> YOUR GOAL: Transcribe each record exactly, but omit pictures.

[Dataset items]
● ● ● ● ● ● ●

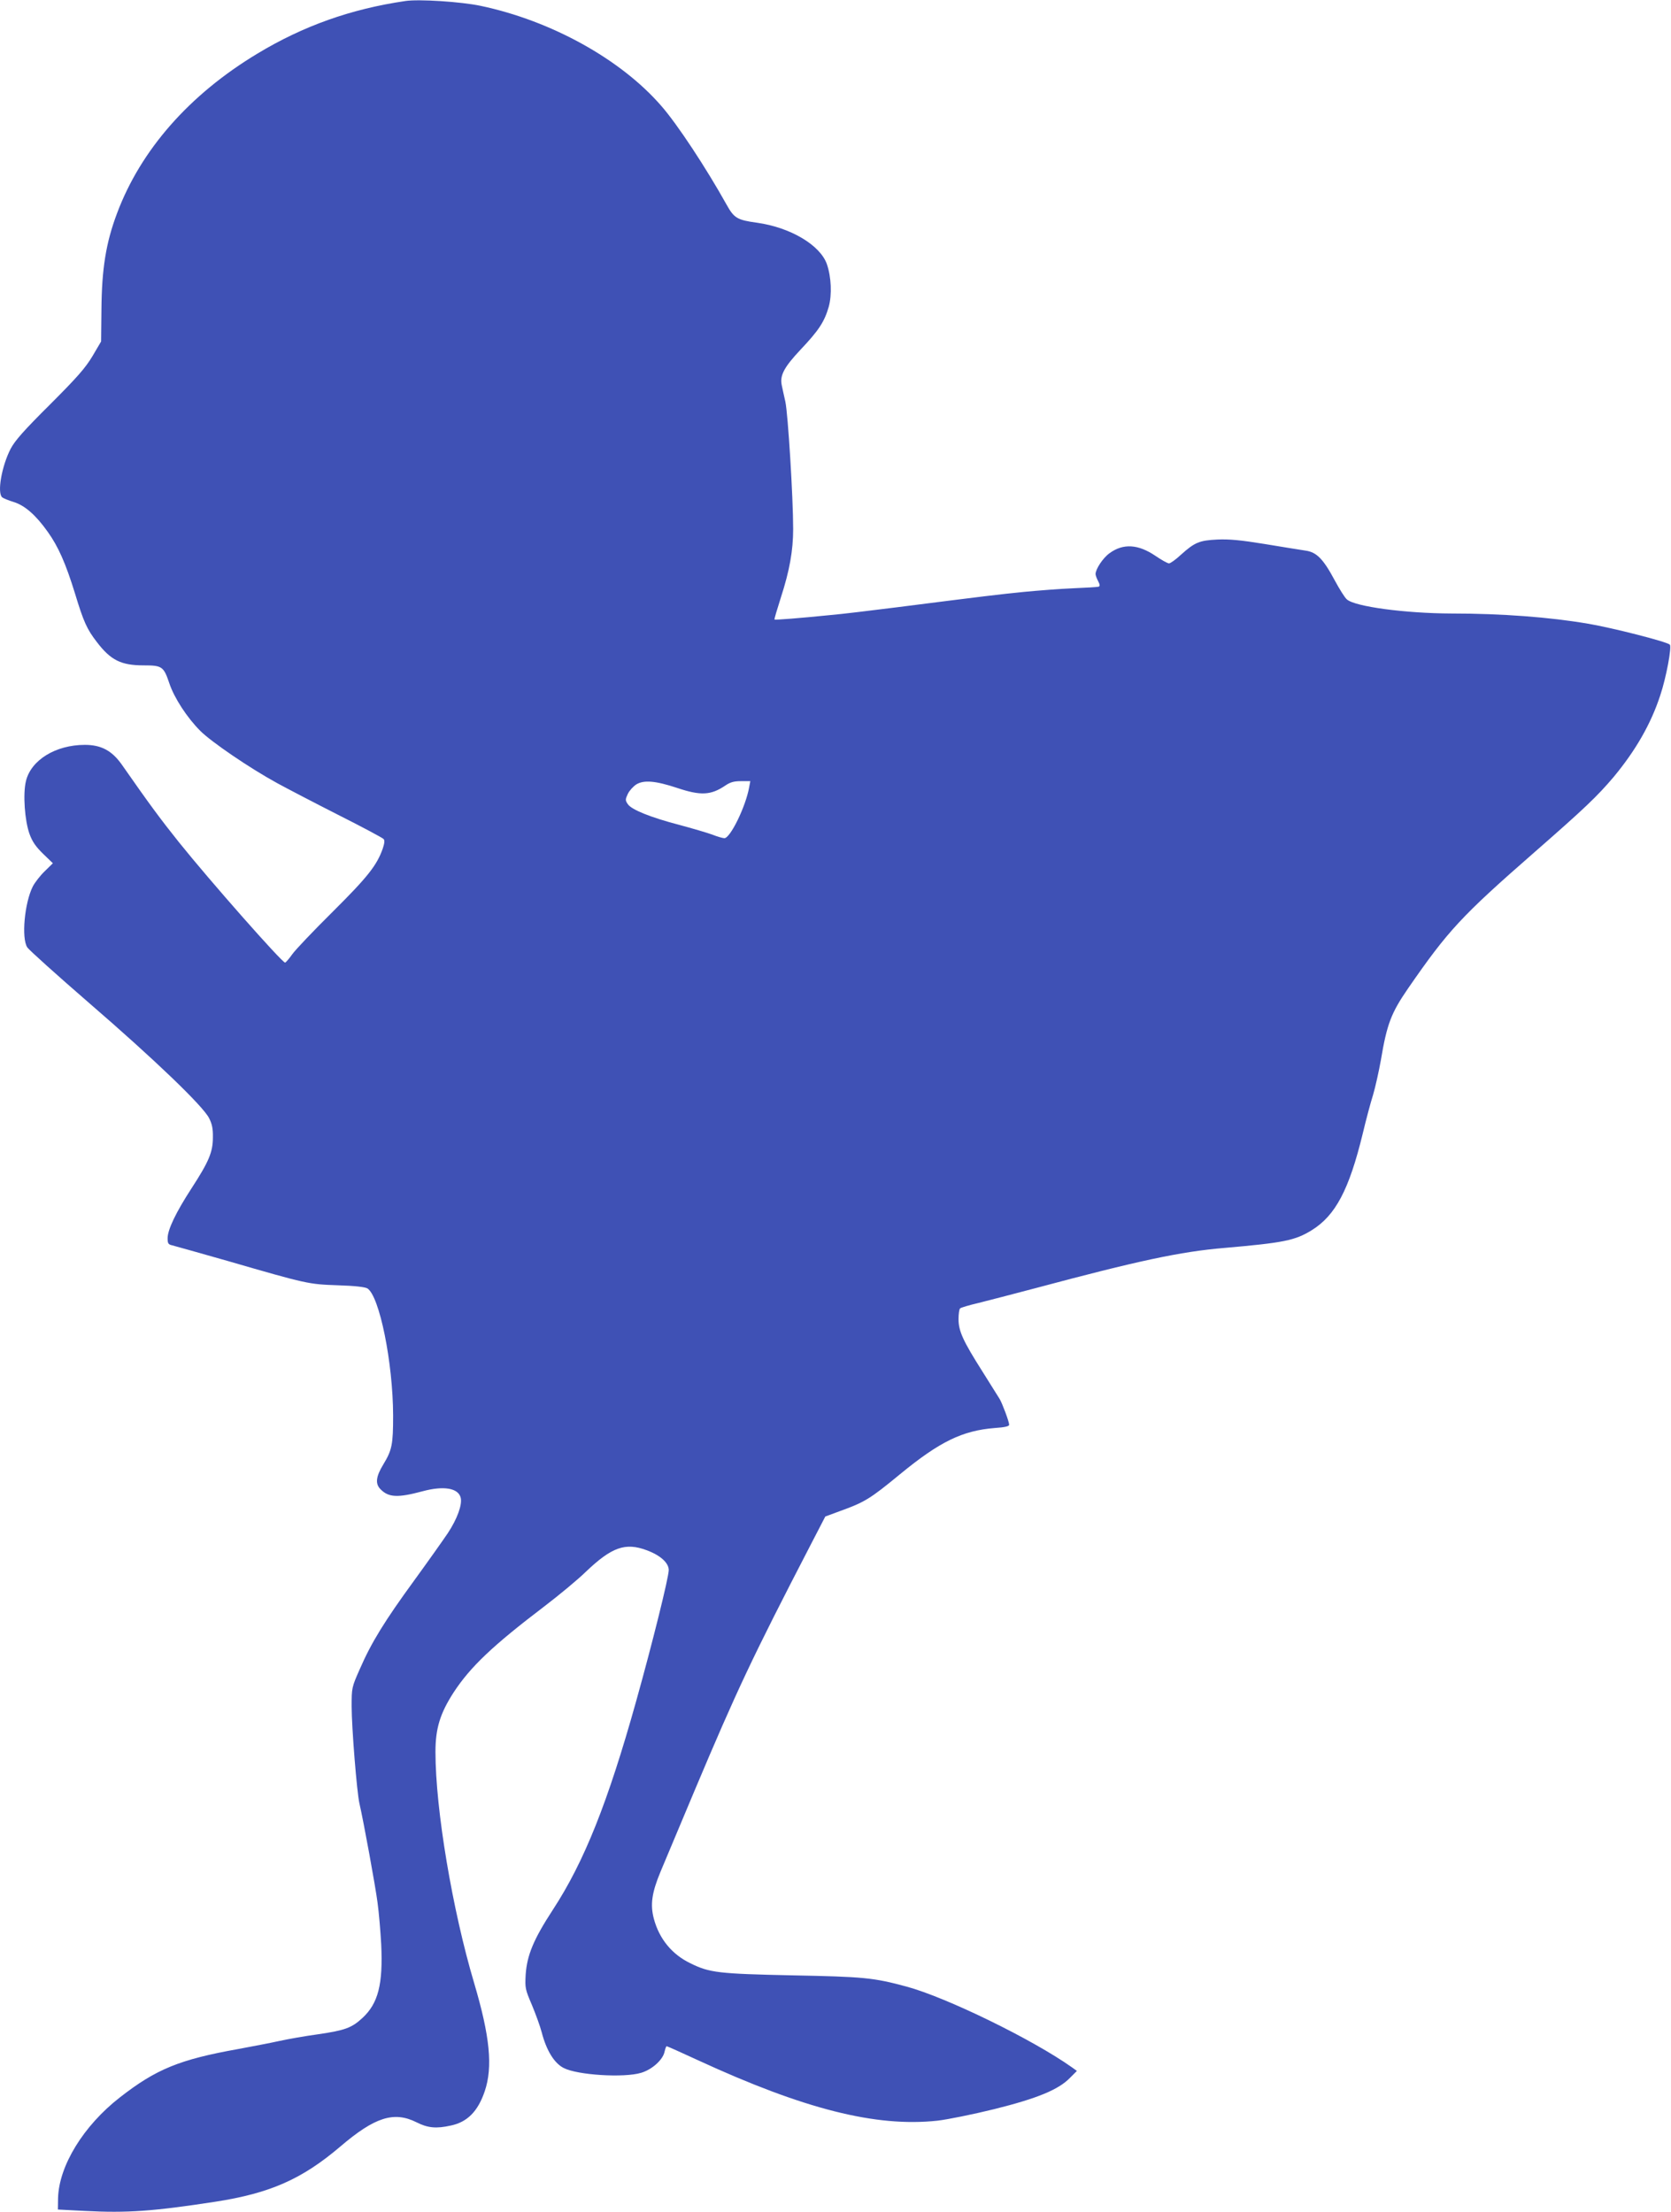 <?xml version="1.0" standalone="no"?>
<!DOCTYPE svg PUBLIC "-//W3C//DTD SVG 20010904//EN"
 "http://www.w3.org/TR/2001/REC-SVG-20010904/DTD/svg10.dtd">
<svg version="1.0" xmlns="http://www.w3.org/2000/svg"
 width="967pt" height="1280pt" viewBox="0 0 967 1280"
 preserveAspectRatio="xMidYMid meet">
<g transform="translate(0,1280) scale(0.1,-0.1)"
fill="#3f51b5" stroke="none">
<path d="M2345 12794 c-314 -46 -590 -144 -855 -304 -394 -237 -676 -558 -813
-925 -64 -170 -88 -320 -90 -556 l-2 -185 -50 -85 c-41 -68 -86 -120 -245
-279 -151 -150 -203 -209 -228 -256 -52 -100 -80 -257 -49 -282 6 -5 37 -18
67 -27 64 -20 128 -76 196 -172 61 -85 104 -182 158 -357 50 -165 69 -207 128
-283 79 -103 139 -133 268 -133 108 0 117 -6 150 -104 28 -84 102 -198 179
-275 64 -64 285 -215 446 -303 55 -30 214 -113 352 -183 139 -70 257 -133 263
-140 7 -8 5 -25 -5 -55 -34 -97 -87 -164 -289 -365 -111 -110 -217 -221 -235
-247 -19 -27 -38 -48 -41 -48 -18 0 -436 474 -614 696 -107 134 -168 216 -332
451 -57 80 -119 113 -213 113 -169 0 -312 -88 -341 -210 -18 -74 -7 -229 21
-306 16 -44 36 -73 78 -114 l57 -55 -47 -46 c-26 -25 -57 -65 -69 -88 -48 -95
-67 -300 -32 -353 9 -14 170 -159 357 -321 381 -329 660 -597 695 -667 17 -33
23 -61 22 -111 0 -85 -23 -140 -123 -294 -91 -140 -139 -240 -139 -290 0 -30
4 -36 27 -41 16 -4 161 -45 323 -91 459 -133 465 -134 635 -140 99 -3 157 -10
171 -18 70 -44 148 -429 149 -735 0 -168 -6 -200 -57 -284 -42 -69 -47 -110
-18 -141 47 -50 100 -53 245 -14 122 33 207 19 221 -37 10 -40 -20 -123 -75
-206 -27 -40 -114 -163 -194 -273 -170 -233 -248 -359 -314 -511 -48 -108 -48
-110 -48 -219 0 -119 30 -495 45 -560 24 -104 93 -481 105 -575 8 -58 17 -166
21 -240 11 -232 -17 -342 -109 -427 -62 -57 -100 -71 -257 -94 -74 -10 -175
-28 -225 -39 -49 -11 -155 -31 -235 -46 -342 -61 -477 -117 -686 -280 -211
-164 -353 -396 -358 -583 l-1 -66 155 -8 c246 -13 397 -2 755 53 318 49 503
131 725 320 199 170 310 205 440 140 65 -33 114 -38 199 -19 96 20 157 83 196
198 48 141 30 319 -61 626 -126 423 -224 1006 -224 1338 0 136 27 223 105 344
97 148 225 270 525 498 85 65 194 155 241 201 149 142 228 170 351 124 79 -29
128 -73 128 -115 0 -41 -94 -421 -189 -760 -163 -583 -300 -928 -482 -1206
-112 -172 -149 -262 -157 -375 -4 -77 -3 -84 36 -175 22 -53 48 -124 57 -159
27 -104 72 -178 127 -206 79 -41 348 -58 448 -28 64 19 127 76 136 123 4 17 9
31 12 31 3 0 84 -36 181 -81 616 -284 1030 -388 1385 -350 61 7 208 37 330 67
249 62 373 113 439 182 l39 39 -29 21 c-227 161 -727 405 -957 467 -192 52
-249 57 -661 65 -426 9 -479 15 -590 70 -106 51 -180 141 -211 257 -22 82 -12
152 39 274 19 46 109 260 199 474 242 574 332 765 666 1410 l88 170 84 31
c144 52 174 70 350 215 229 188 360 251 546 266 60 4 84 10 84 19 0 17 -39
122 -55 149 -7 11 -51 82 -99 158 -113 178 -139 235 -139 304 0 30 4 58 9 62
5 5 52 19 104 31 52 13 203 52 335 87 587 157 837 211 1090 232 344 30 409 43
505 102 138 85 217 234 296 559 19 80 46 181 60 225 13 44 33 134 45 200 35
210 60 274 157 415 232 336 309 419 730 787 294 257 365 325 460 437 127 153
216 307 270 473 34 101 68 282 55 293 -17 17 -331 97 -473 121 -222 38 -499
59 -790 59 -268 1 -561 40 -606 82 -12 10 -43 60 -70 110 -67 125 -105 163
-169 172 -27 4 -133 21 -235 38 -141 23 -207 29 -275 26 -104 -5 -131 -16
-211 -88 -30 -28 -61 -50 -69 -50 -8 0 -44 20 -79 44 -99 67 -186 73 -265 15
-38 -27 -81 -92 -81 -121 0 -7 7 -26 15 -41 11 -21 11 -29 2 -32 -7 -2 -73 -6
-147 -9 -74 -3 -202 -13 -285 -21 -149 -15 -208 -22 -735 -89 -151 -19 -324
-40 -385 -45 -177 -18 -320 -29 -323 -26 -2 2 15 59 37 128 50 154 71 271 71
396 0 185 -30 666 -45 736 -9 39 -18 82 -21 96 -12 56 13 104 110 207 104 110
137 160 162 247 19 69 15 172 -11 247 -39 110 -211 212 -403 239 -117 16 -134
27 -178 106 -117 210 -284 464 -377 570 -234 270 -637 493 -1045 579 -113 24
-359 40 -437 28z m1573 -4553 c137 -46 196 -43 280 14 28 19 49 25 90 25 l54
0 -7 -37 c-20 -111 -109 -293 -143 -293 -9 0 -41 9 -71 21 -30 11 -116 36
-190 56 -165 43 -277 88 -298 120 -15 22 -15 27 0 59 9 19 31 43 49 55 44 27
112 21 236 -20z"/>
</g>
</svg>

● ● ● ● ● ● ●

> WRITTEN RESPONSE:
 <?xml version="1.0" standalone="no"?>
<!DOCTYPE svg PUBLIC "-//W3C//DTD SVG 20010904//EN"
 "http://www.w3.org/TR/2001/REC-SVG-20010904/DTD/svg10.dtd">
<svg version="1.0" xmlns="http://www.w3.org/2000/svg"
 width="967pt" height="1280pt" viewBox="0 0 967 1280"
 preserveAspectRatio="xMidYMid meet">
<g transform="translate(0,1280) scale(0.1,-0.1)"
fill="#3f51b5" stroke="none">
<path d="M2345 12794 c-314 -46 -590 -144 -855 -304 -394 -237 -676 -558 -813
-925 -64 -170 -88 -320 -90 -556 l-2 -185 -50 -85 c-41 -68 -86 -120 -245
-279 -151 -150 -203 -209 -228 -256 -52 -100 -80 -257 -49 -282 6 -5 37 -18
67 -27 64 -20 128 -76 196 -172 61 -85 104 -182 158 -357 50 -165 69 -207 128
-283 79 -103 139 -133 268 -133 108 0 117 -6 150 -104 28 -84 102 -198 179
-275 64 -64 285 -215 446 -303 55 -30 214 -113 352 -183 139 -70 257 -133 263
-140 7 -8 5 -25 -5 -55 -34 -97 -87 -164 -289 -365 -111 -110 -217 -221 -235
-247 -19 -27 -38 -48 -41 -48 -18 0 -436 474 -614 696 -107 134 -168 216 -332
451 -57 80 -119 113 -213 113 -169 0 -312 -88 -341 -210 -18 -74 -7 -229 21
-306 16 -44 36 -73 78 -114 l57 -55 -47 -46 c-26 -25 -57 -65 -69 -88 -48 -95
-67 -300 -32 -353 9 -14 170 -159 357 -321 381 -329 660 -597 695 -667 17 -33
23 -61 22 -111 0 -85 -23 -140 -123 -294 -91 -140 -139 -240 -139 -290 0 -30
4 -36 27 -41 16 -4 161 -45 323 -91 459 -133 465 -134 635 -140 99 -3 157 -10
171 -18 70 -44 148 -429 149 -735 0 -168 -6 -200 -57 -284 -42 -69 -47 -110
-18 -141 47 -50 100 -53 245 -14 122 33 207 19 221 -37 10 -40 -20 -123 -75
-206 -27 -40 -114 -163 -194 -273 -170 -233 -248 -359 -314 -511 -48 -108 -48
-110 -48 -219 0 -119 30 -495 45 -560 24 -104 93 -481 105 -575 8 -58 17 -166
21 -240 11 -232 -17 -342 -109 -427 -62 -57 -100 -71 -257 -94 -74 -10 -175
-28 -225 -39 -49 -11 -155 -31 -235 -46 -342 -61 -477 -117 -686 -280 -211
-164 -353 -396 -358 -583 l-1 -66 155 -8 c246 -13 397 -2 755 53 318 49 503
131 725 320 199 170 310 205 440 140 65 -33 114 -38 199 -19 96 20 157 83 196
198 48 141 30 319 -61 626 -126 423 -224 1006 -224 1338 0 136 27 223 105 344
97 148 225 270 525 498 85 65 194 155 241 201 149 142 228 170 351 124 79 -29
128 -73 128 -115 0 -41 -94 -421 -189 -760 -163 -583 -300 -928 -482 -1206
-112 -172 -149 -262 -157 -375 -4 -77 -3 -84 36 -175 22 -53 48 -124 57 -159
27 -104 72 -178 127 -206 79 -41 348 -58 448 -28 64 19 127 76 136 123 4 17 9
31 12 31 3 0 84 -36 181 -81 616 -284 1030 -388 1385 -350 61 7 208 37 330 67
249 62 373 113 439 182 l39 39 -29 21 c-227 161 -727 405 -957 467 -192 52
-249 57 -661 65 -426 9 -479 15 -590 70 -106 51 -180 141 -211 257 -22 82 -12
152 39 274 19 46 109 260 199 474 242 574 332 765 666 1410 l88 170 84 31
c144 52 174 70 350 215 229 188 360 251 546 266 60 4 84 10 84 19 0 17 -39
122 -55 149 -7 11 -51 82 -99 158 -113 178 -139 235 -139 304 0 30 4 58 9 62
5 5 52 19 104 31 52 13 203 52 335 87 587 157 837 211 1090 232 344 30 409 43
505 102 138 85 217 234 296 559 19 80 46 181 60 225 13 44 33 134 45 200 35
210 60 274 157 415 232 336 309 419 730 787 294 257 365 325 460 437 127 153
216 307 270 473 34 101 68 282 55 293 -17 17 -331 97 -473 121 -222 38 -499
59 -790 59 -268 1 -561 40 -606 82 -12 10 -43 60 -70 110 -67 125 -105 163
-169 172 -27 4 -133 21 -235 38 -141 23 -207 29 -275 26 -104 -5 -131 -16
-211 -88 -30 -28 -61 -50 -69 -50 -8 0 -44 20 -79 44 -99 67 -186 73 -265 15
-38 -27 -81 -92 -81 -121 0 -7 7 -26 15 -41 11 -21 11 -29 2 -32 -7 -2 -73 -6
-147 -9 -74 -3 -202 -13 -285 -21 -149 -15 -208 -22 -735 -89 -151 -19 -324
-40 -385 -45 -177 -18 -320 -29 -323 -26 -2 2 15 59 37 128 50 154 71 271 71
396 0 185 -30 666 -45 736 -9 39 -18 82 -21 96 -12 56 13 104 110 207 104 110
137 160 162 247 19 69 15 172 -11 247 -39 110 -211 212 -403 239 -117 16 -134
27 -178 106 -117 210 -284 464 -377 570 -234 270 -637 493 -1045 579 -113 24
-359 40 -437 28z m1573 -4553 c137 -46 196 -43 280 14 28 19 49 25 90 25 l54
0 -7 -37 c-20 -111 -109 -293 -143 -293 -9 0 -41 9 -71 21 -30 11 -116 36
-190 56 -165 43 -277 88 -298 120 -15 22 -15 27 0 59 9 19 31 43 49 55 44 27
112 21 236 -20z"/>
</g>
</svg>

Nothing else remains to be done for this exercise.